A man, a room, no way out
"The Cube" aired on NBC's anthology series "Experiment in Television" and runs about an hour. Its premise is simple and unnerving: a man finds himself in a white, cube-shaped room with doors he cannot use to leave. A stream of strangers comes and goes, offering conversation, riddles and contradictions, while the man's grip on what is real steadily loosens. By the end, an apparent escape curdles into a final twist suggesting he was never free at all. Henson co-wrote it with Jerry Juhl, his longtime collaborator.
The other Jim Henson
The piece is a window onto a side of Henson that his later fame obscured. Through the 1960s he made experimental short films well outside children's entertainment; his 1965 short "Time Piece," a frantic, near-wordless montage, earned an Academy Award nomination. Henson, by various accounts, thought of himself first as a filmmaker, with puppetry an avenue that happened to make him famous. "The Cube" belongs to that earlier, stranger ambition — philosophical, anxious and aimed squarely at adults.
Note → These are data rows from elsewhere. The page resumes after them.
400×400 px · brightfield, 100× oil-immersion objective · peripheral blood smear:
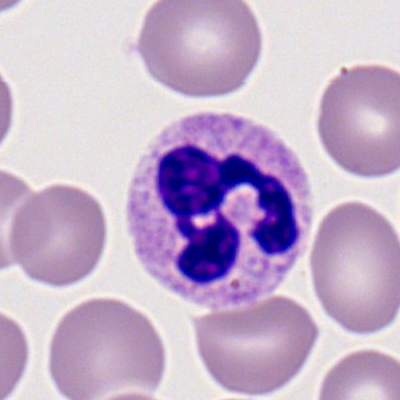 The morphological class is segmented neutrophil.
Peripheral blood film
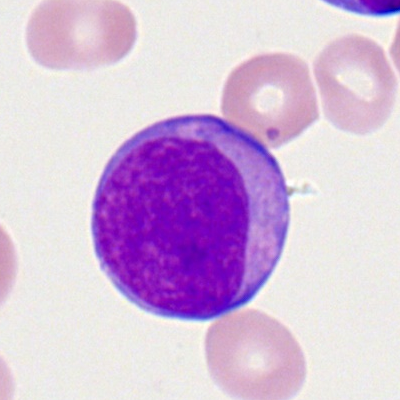

Q: What is shown here?
A: A myeloblast.

Why it feels like 'Black Mirror'
What makes the play resonate now is how directly its preoccupations anticipate later science fiction. Its themes — a constructed reality, the impossibility of telling truth from illusion, the dread of being manipulated by unseen forces — are the bread and butter of "Black Mirror," "The Matrix" and a generation of paranoid, reality-bending storytelling. To encounter such ideas on American network television in 1969, years before they became a genre, is genuinely surprising.
Out of the archive
For decades, "The Cube" was easy to miss. It was broadcast only a couple of times around 1969–71 before slipping into obscurity, overshadowed by the Muppet empire that followed. Its reemergence — through archives and renewed critical attention — restores a small but striking chapter of television history: proof that the medium's appetite for the experimental and the unsettling runs deeper, and further back, than we often remember. For viewers raised on contemporary dystopias, Henson's white room is an oddly familiar place to find oneself.